A word about pronunciation: sometimes SQL is “sequel” and sometimes S-Q-L (sounding the letters). In “Microsoft SQL server”, the SQL is always “sequel”. In Oracle MySQL server, the SQL is always S-Q-L so this is pronounced “my-S-Q-L”. This was originally open source software before acquired by Oracle; its free software successor (fork) is MariaDB.

7.2 SQLite

For learning SQL the greatest thing since sliced bread is SQLite, a relational database with full SQL support that runs as a user application. It is just a software library backed by a file on disk. So you can do little database applications with no expensive database. And you can learn on it.

The author of SQLite pronounces it S-Q-L-ite “like a mineral” but does not object to other pronunciations.

7.3 R and SQL and SQLite

The R package that talks to all SQL databases is CRAN package DBI (for database interface). The R package that makes SQLite available to R is CRAN package RSQLite.

7.4 Dplyr

R package dplyr (which is part of the “tidyverse”) does the amazing trick of making it unnecessary (almost) to use SQL to talk to SQL databases. The best introduction to this package is the main package vignette or the chapter on it in the book R for Data Science.

In particular, the main functions in the package and all the jobs they do are summarized in the list in the section Single Table Verbs in the vignette.

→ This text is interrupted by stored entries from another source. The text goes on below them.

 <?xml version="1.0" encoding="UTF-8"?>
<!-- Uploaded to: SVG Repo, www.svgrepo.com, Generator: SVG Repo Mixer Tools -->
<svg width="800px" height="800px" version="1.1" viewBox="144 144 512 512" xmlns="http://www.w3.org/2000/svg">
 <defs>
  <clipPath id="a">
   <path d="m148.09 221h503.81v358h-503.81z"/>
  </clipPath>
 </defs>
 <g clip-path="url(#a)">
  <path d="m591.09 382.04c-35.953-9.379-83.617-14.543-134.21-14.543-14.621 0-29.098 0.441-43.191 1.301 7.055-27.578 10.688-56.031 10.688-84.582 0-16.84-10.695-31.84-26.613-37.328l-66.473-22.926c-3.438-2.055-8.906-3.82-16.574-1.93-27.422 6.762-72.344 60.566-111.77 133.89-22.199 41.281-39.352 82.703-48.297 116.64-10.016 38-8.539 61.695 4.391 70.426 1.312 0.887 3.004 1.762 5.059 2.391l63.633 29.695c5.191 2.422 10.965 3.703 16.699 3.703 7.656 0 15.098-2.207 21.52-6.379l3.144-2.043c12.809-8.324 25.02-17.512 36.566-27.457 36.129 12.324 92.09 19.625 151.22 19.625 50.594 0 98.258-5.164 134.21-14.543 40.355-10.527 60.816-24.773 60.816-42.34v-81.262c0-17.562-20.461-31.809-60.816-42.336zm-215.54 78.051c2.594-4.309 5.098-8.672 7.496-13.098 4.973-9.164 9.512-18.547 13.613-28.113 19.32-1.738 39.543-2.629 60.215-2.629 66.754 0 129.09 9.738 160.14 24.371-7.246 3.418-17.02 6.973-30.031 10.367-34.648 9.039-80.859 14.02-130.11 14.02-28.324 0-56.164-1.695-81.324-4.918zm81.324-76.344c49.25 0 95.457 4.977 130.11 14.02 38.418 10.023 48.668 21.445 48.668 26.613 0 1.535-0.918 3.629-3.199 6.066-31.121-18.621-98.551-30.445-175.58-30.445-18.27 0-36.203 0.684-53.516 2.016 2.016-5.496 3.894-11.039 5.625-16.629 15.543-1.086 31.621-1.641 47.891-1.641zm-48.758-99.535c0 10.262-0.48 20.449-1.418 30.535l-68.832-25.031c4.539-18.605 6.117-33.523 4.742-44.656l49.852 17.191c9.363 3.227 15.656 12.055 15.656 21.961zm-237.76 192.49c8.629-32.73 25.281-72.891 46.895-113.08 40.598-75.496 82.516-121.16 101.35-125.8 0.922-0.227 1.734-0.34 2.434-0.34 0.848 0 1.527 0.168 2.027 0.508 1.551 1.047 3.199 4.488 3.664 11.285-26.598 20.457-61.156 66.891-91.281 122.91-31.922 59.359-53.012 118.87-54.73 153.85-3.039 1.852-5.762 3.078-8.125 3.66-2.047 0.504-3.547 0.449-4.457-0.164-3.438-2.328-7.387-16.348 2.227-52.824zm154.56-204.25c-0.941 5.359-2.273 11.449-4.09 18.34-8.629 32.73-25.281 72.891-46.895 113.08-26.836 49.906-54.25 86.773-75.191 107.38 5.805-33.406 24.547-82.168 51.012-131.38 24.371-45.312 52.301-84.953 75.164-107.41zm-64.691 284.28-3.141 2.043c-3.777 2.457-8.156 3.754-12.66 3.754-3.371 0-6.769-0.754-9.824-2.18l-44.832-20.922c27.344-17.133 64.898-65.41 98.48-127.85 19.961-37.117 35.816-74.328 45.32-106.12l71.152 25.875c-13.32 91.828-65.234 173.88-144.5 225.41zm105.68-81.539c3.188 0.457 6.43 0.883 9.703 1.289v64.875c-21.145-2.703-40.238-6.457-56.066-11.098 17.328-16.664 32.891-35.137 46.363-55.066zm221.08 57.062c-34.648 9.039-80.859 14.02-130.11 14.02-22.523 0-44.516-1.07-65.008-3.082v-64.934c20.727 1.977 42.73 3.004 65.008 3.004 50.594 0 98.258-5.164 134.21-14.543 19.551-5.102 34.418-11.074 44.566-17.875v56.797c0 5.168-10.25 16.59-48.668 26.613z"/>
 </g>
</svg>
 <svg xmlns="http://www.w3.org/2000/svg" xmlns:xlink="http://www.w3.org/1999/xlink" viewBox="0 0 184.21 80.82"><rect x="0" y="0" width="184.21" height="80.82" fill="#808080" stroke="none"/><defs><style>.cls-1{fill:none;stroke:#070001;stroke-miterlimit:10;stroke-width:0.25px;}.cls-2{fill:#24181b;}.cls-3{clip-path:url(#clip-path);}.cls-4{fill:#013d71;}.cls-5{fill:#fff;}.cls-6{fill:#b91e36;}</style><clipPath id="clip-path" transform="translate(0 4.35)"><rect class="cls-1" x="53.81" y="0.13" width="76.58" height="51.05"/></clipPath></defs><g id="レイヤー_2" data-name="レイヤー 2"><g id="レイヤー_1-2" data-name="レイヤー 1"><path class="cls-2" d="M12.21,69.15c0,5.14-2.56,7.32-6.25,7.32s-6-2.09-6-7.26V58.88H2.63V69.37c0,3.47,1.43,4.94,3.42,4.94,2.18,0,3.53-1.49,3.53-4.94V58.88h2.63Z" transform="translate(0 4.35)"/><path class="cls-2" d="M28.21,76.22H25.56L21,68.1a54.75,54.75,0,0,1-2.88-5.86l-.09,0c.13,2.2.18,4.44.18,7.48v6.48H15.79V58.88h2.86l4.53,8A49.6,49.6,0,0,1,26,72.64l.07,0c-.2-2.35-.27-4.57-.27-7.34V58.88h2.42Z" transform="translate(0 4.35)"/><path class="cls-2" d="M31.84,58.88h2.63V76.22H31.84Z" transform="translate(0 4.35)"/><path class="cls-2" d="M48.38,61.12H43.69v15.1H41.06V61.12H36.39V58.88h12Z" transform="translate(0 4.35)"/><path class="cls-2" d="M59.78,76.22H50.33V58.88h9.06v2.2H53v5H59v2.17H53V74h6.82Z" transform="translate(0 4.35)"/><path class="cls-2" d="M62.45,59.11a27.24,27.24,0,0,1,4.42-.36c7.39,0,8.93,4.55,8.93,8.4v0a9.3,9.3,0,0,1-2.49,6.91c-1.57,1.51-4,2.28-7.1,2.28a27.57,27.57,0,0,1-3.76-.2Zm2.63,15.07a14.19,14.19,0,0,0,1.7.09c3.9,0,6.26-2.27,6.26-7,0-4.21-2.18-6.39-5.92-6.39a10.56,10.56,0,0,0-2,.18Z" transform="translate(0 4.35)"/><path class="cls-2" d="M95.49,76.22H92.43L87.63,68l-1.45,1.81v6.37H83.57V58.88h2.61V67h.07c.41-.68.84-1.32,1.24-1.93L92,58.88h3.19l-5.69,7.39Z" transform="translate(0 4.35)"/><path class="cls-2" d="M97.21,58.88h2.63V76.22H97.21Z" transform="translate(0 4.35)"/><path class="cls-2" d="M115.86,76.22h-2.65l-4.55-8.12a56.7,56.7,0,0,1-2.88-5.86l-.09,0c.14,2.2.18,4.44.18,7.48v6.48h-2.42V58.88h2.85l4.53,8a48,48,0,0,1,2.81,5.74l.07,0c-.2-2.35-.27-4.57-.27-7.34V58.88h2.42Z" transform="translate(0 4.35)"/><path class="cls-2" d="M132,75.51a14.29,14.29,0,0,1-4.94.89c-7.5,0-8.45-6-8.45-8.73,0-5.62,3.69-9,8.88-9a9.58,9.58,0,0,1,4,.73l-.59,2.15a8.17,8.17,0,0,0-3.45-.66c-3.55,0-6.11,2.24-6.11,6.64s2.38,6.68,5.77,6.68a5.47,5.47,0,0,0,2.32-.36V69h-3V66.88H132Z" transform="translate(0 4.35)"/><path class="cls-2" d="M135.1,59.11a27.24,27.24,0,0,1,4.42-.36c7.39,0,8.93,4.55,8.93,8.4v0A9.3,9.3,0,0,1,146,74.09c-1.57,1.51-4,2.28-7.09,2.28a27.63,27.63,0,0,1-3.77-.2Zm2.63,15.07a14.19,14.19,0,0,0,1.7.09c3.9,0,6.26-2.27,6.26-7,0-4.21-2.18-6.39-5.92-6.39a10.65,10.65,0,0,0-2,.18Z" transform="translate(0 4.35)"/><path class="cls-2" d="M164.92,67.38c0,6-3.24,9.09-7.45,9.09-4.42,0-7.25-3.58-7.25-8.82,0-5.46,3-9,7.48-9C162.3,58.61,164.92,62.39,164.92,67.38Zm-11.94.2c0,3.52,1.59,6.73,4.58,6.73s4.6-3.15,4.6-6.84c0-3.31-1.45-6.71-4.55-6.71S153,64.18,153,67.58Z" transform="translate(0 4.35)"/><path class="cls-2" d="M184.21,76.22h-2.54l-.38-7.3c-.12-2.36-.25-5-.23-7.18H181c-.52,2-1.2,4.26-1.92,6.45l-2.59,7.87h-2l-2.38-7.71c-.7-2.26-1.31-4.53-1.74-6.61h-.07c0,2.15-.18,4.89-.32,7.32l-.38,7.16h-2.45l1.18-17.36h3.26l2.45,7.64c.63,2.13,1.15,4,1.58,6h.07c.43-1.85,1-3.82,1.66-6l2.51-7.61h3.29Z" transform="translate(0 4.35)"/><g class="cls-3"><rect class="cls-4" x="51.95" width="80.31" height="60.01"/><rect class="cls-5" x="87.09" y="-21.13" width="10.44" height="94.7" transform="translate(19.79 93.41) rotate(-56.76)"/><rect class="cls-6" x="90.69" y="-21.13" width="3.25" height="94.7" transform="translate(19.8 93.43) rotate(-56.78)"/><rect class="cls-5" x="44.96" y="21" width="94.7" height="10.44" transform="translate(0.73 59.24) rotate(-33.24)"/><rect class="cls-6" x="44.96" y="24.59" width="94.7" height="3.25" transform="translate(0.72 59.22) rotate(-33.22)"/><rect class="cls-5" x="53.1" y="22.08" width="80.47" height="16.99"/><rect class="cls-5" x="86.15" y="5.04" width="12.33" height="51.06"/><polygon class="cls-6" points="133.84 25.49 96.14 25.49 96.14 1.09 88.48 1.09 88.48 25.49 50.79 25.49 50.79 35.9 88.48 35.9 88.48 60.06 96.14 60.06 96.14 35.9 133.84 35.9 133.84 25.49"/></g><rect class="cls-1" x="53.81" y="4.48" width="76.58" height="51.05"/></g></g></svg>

We are not going to illustrate all of those functions, so if you want to do more with dplyr you need to read the vignette.

This is a package for data munging. Originally, it worked on data in R data frames and did not do anything that base R cannot do but did it in different ways that were considered by the package author, Hadley Wickham, to be simpler, more elegant, and easier to use than the base R methods.

But over time R package dplyr got a lot more sophisticated. Now it can do all of its operations not only on R data frames but also on tables in SQL databases! It can write SQL so you don’t have to!

Moreover, when it is working with SQL databases, it actually does all of the work in the database so R does not have to deal with big data, only with the final results. This is really quite tricky, so we won’t even try to explain it, just leave this by saying it is really cool.

Nevertheless. R package dplyr does not know everything there is to know about SQL. This web page says

As well as working with local in-memory data stored in data frames, dplyr also works with remote on-disk data stored in databases. This is particularly useful in two scenarios:

Your data is already in a database.

You have so much data that it does not all fit into memory simultaneously and you need to use some external storage engine.

(If your data fits in memory, there is no advantage to putting it in a database; it will only be slower and more frustrating.)

and also says

To interact with a database you usually use SQL, the Structured Query Language. SQL is over 40 years old, and is used by pretty much every database in existence. The goal of dbplyr is to automatically generate SQL for you so that you’re not forced to use it. However, SQL is a very large language, and dbplyr doesn’t do everything.

and

However, in the long run, I highly recommend you at least learn the basics of SQL. It’s a valuable skill for any data scientist, and it will help you debug problems if you run into problems with dplyr’s automatic translation.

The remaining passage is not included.